Brick v. State

Decision Date21 October 1987
Docket NumberNo. 207-86,207-86
Citation738 S.W.2d 676
PartiesDonald Ray BRICK, Appellant, v. The STATE of Texas, Appellee.
CourtTexas Court of Criminal Appeals

Ken J. McLean, Houston, for appellant.

John B. Holmes, Jr., Dist. Atty., & Calvin A. Hartmann, Lyn McClellan & Jaime Esparza, Asst. Dist. Attys., Houston, Robert Huttash, State's Atty., Austin, for the State.

Before the court en banc.

OPINION ON APPELLANT'S PETITION FOR DISCRETIONARY REVIEW

CLINTON, Judge.

Following his plea of guilty before the court appellant was convicted of the second degree felony offense of possession of marihuana in a quantity of 50 pounds or less but more than 5 pounds.
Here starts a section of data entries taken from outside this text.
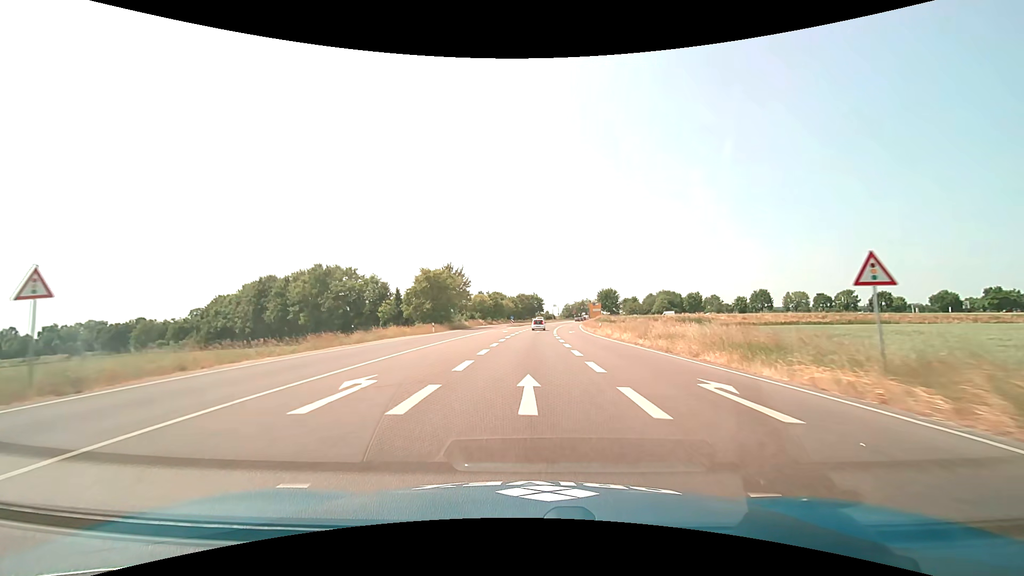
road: primary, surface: asphalt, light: Day
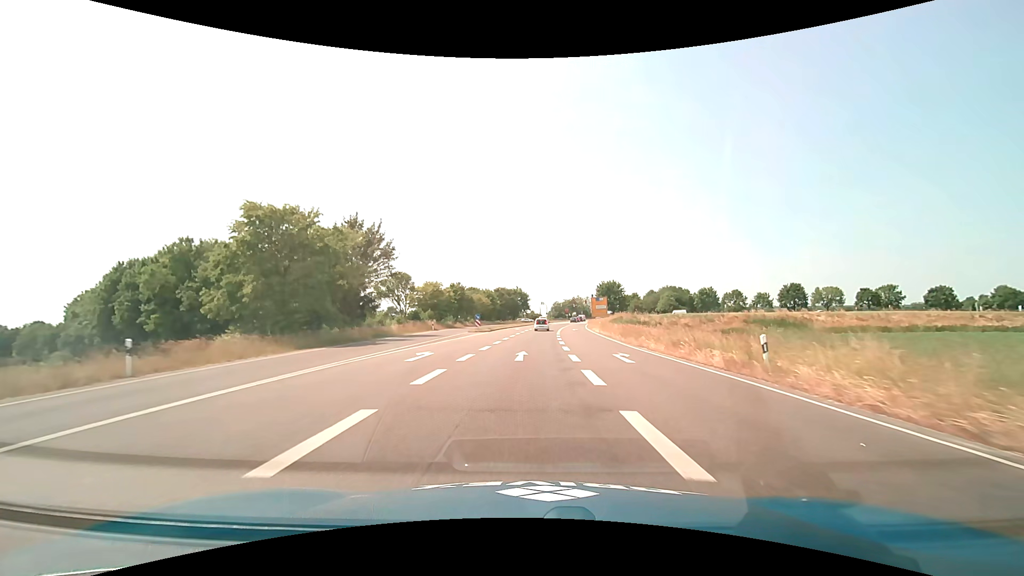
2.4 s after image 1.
(+0.7, +38.5) m; +2°
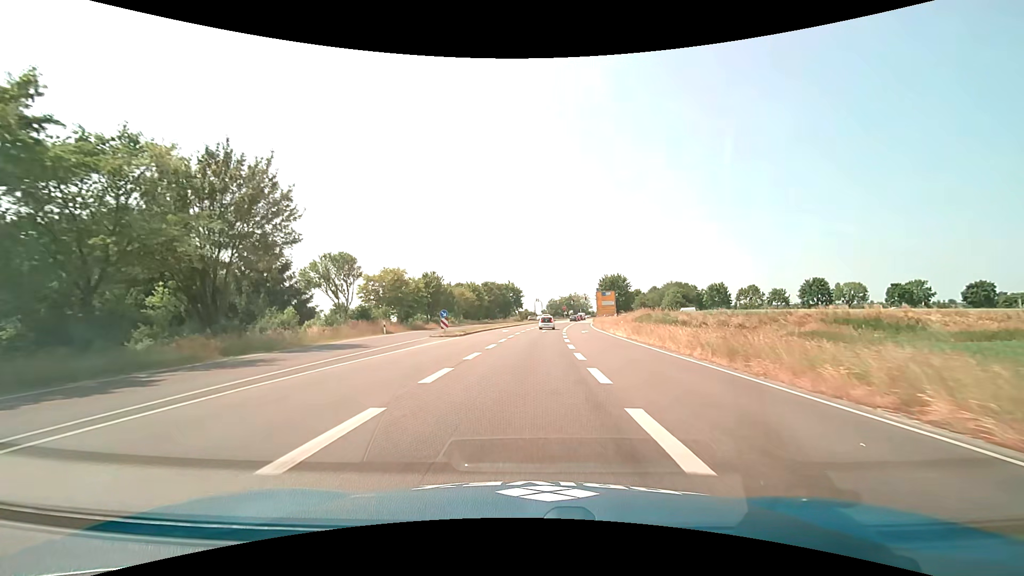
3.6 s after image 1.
(+0.1, +17.8) m; +1°
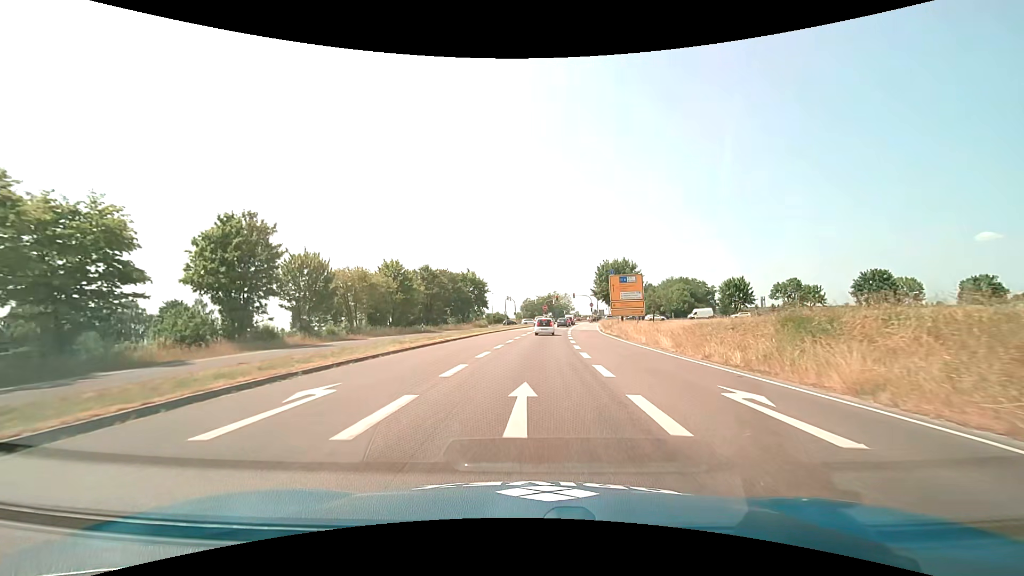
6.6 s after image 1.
(+1.0, +40.4) m; +3°
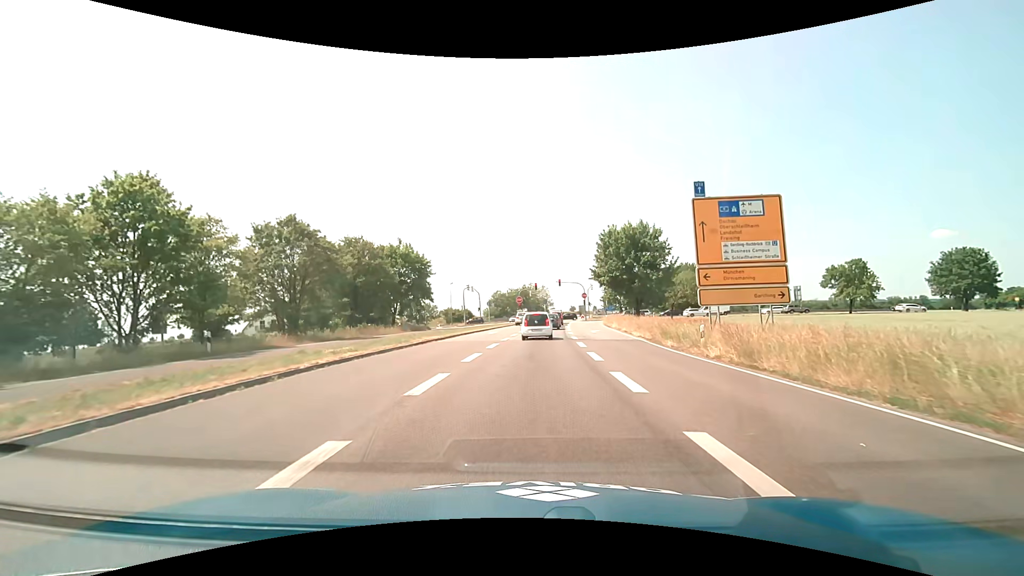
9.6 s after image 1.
(+0.8, +32.8) m; +3°
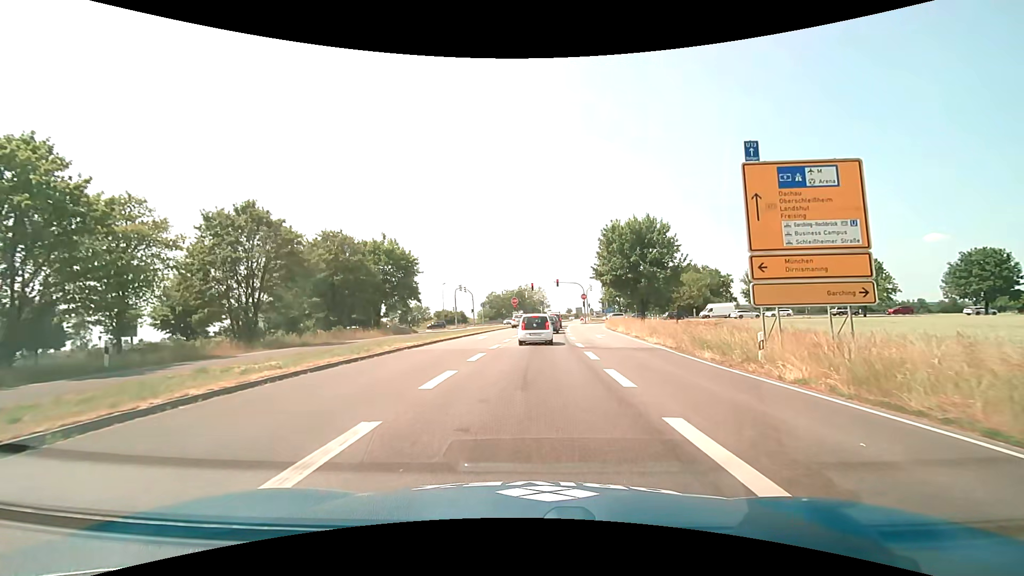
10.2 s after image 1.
(0.0, +4.9) m; 0°
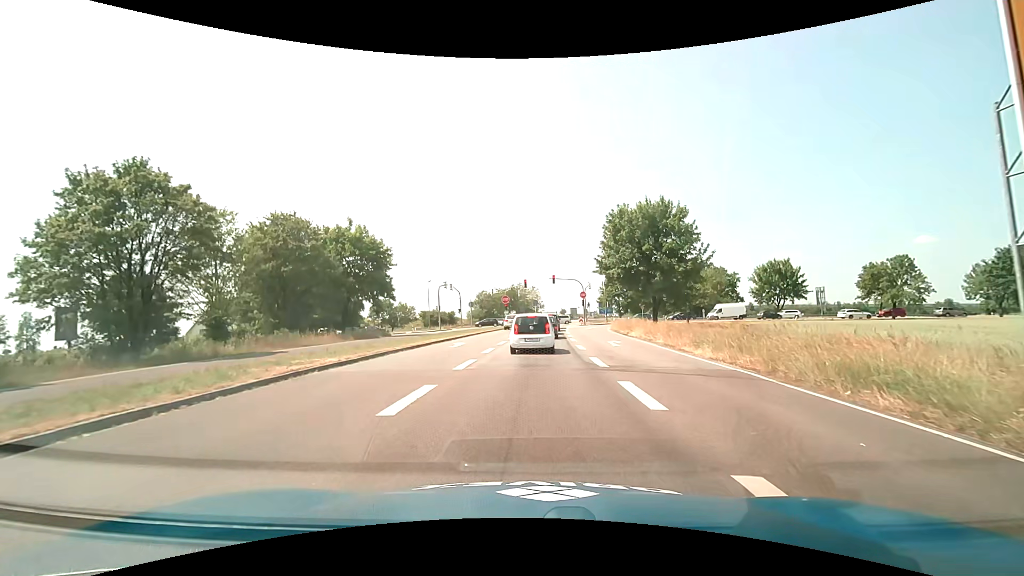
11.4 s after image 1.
(0.0, +8.2) m; 0°
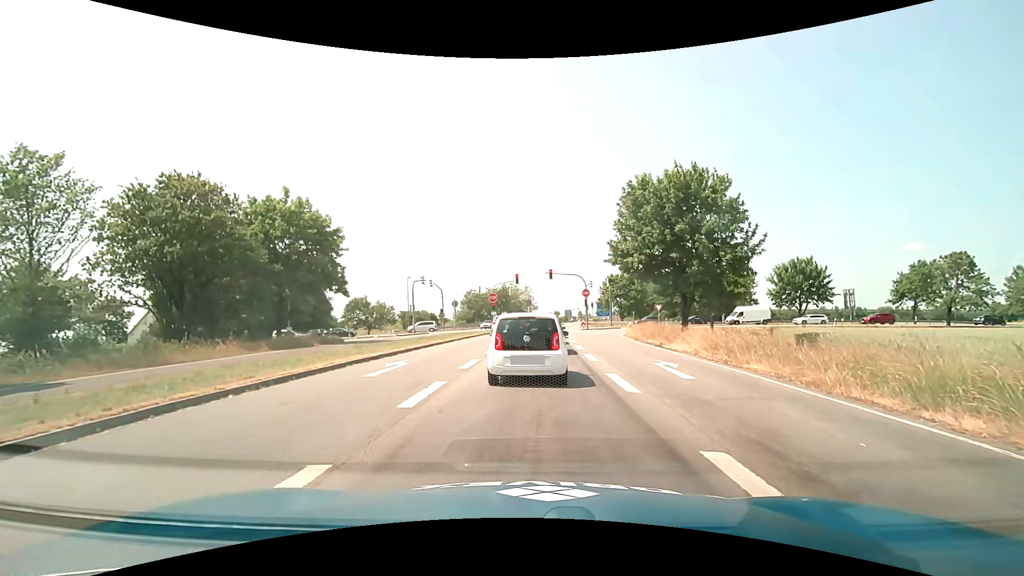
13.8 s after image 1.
(+0.1, +10.9) m; +1°

Article 4476-15, § 4.051(b)(4), V.A.C.S. His punishment was assessed at ten years, probated, and a fine of $5,000.00. Along the way the trial court overruled appellant's motion to suppress the marihuana, which appellant contended was discovered as a result of his illegal arrest and the subsequent warrantless search of his house.
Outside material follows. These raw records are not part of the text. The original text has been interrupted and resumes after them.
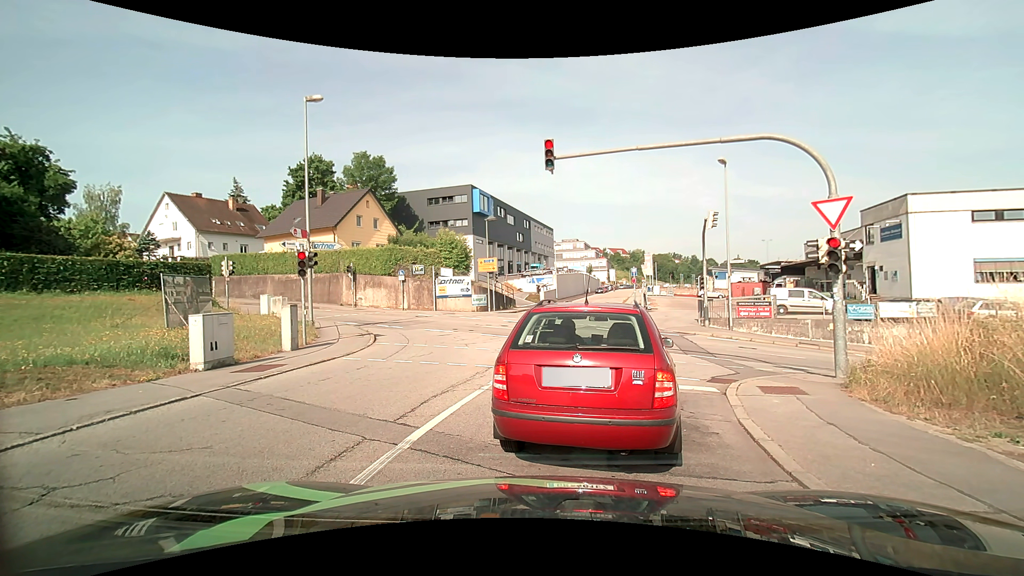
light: Day
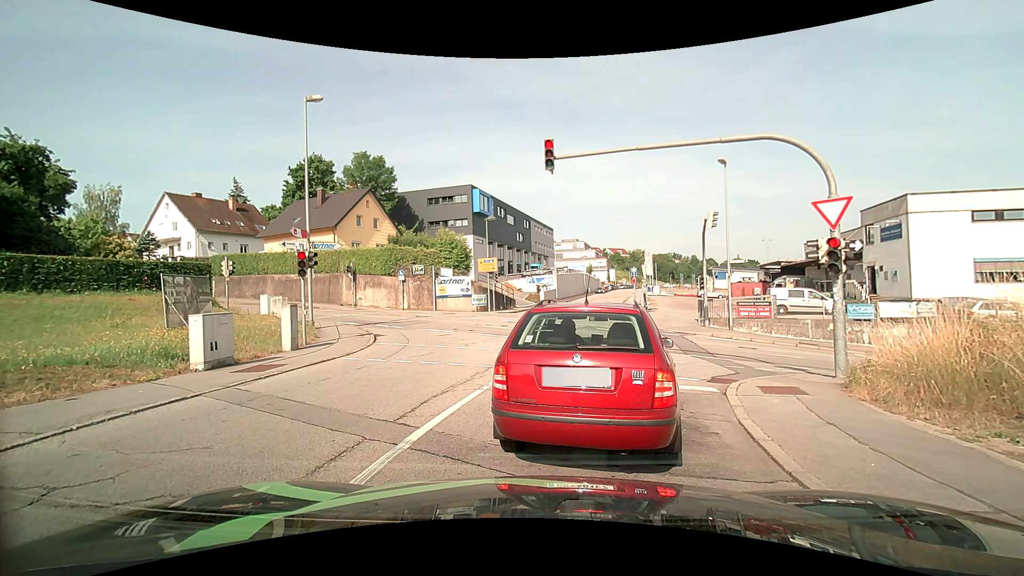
(0.0, 0.0) m; 0°
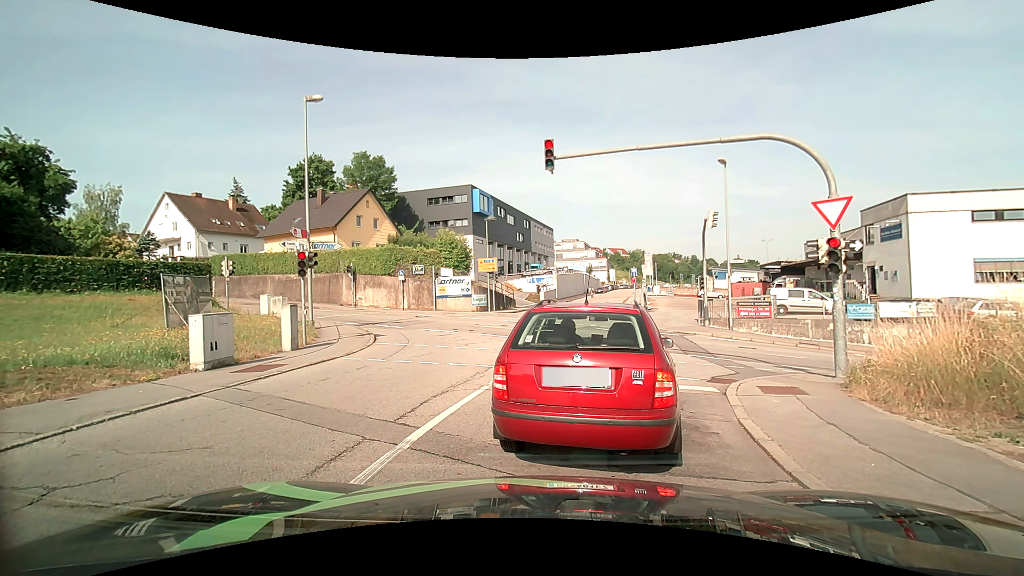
(0.0, 0.0) m; 0°
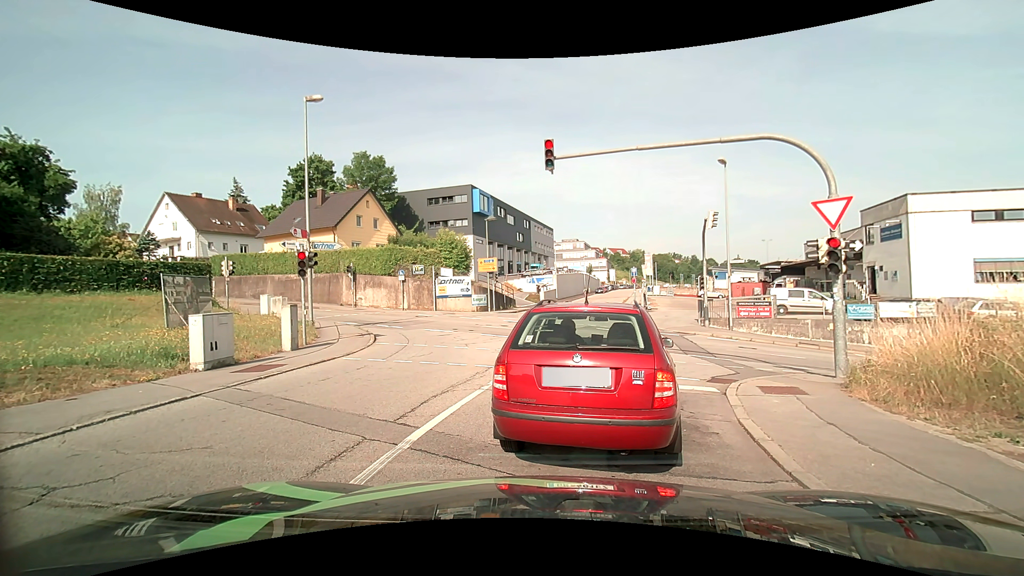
(0.0, 0.0) m; 0°
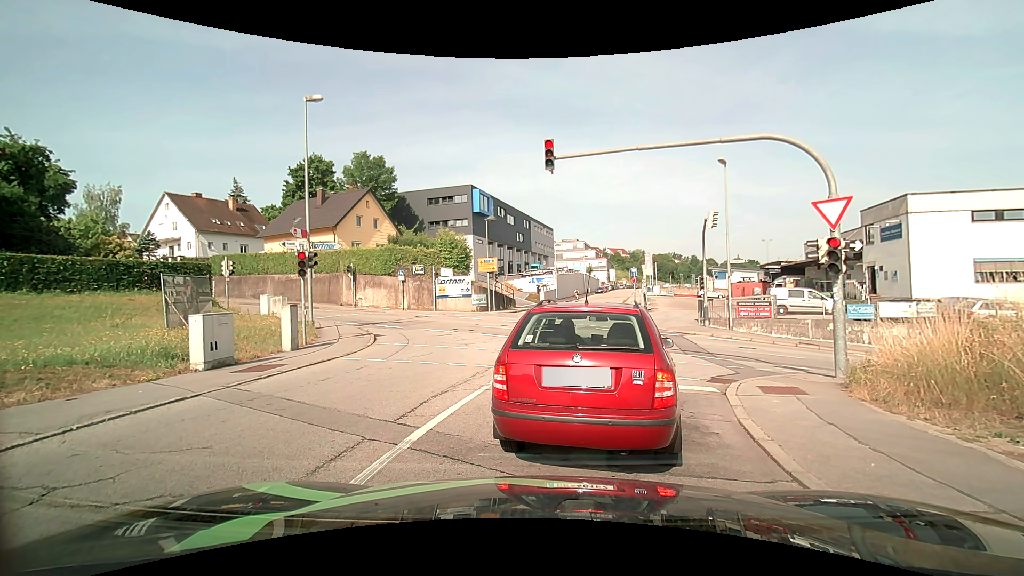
(0.0, 0.0) m; 0°
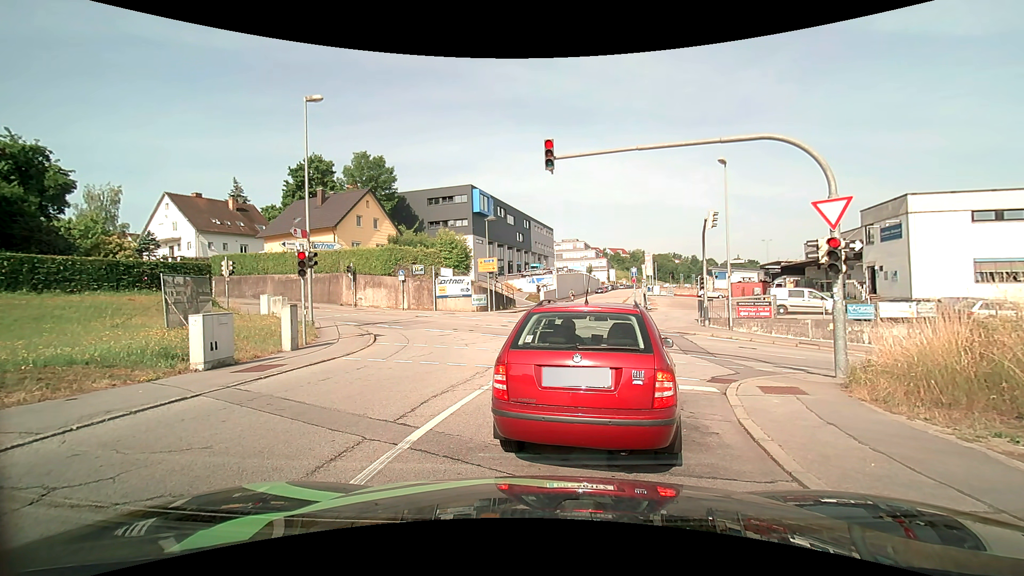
(0.0, 0.0) m; 0°
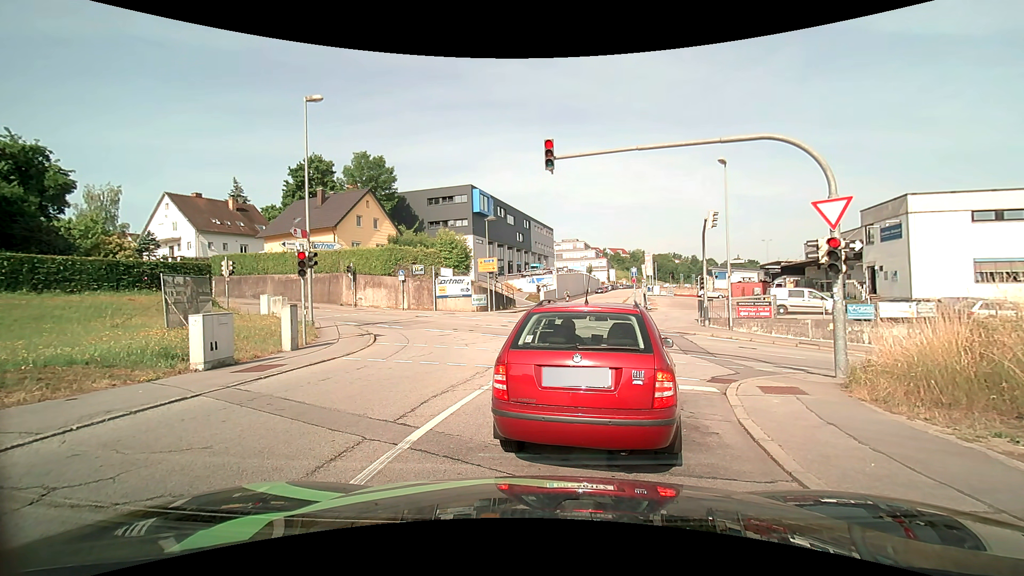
(0.0, 0.0) m; 0°
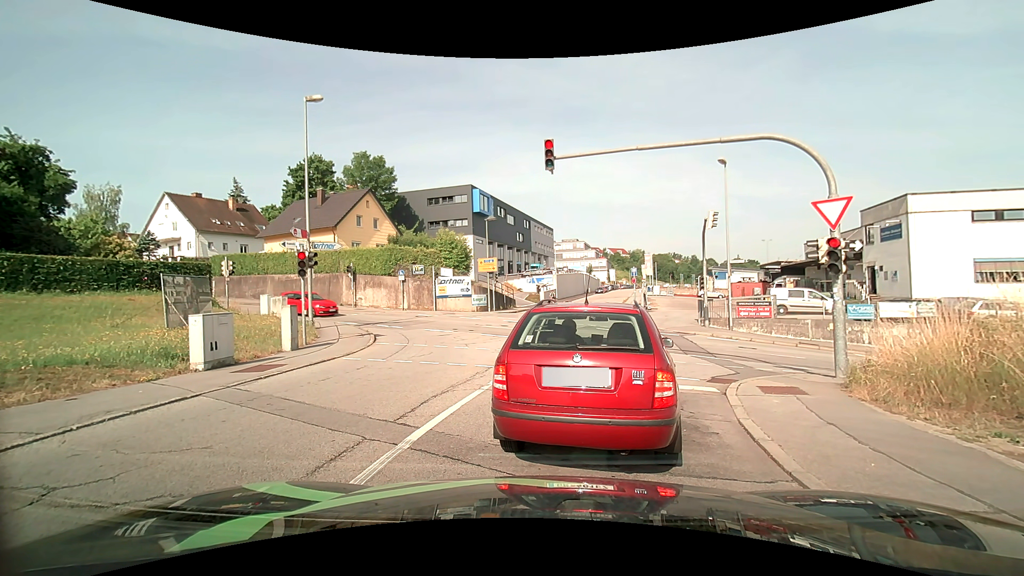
(0.0, 0.0) m; 0°
(0, +10) (+1, +20) (+2, +30) (+3, +40) (+5, +50) (+7, +59) (+9, +69) (+11, +79) (+13, +89) (+15, +99) m

On appeal to the Fourteenth Court of Appeals appellant argued that the arresting officers lacked probable cause either to arrest him or to search his house, that his arrest was unlawful in that it failed to meet any of the exceptions to warrantless arrest enumerated in Chapter 14, V.A.C.C.P., and that any consent to the warrantless search of his house was obtained through an exploitation of his illegal arrest, and hence inadmissible under Article 38.23, V.A.C.C.P. The court of appeals affirmed the conviction in an unpublished opinion. Brick v. State, No. B14-84-871CR (Tex.App.--Houston [14th], delivered December 26, 1985). Finding simply that the consent which had given rise to the warrantless search of his house had been given "voluntarily" by appellant following his arrest, the court of appeals declined to address the legality of that arrest, either from the standpoint of whether the arresting officers had probable cause to effect it, or of whether they reasonably believed appellant was "about to escape," Article 14.04, V.A.C.C.P., such that an arrest warrant was not required. In his petition for discretionary review appellant assails the failure of the court of appeals to address the legality of his arrest, contending that the arrest was in fact unlawful, and that this initial illegality fatally tainted his consent to search the house. We granted appellant's petition to examine this contention. Tex.R.App.Pro., Rule 200(c)(3) and (6).

I.

The facts of the case, viewed in the light most favorable to the trial court's disposition of the motion to suppress, are fairly straightforward. Sometime during or prior to the evening of May 7th, 1984, Officer W.L. Kendrick of the narcotics division of the Houston Police Department received information from a confidential informant that the residents of 9619 Orangevale--appellant and two roommates whose names the informant did not know--were harboring "some cocaine" in their home. The informant, who had supplied correct information on two prior occasions, described the exterior composition of the house and its interior layout, and predicted that a maroon Corvette bearing a certain license plate number would be found there. This car, he said, belonged to appellant. At about 7:00 p.m. Kendrick and Officers Duke and Eslab proceeded to the address given and found a house matching the informant's exterior description and a maroon Corvette bearing the foretold license plate number. The car was found to be registered in appellant's name. On the basis of this corroboration Kendrick returned to the station "to type the search warrant."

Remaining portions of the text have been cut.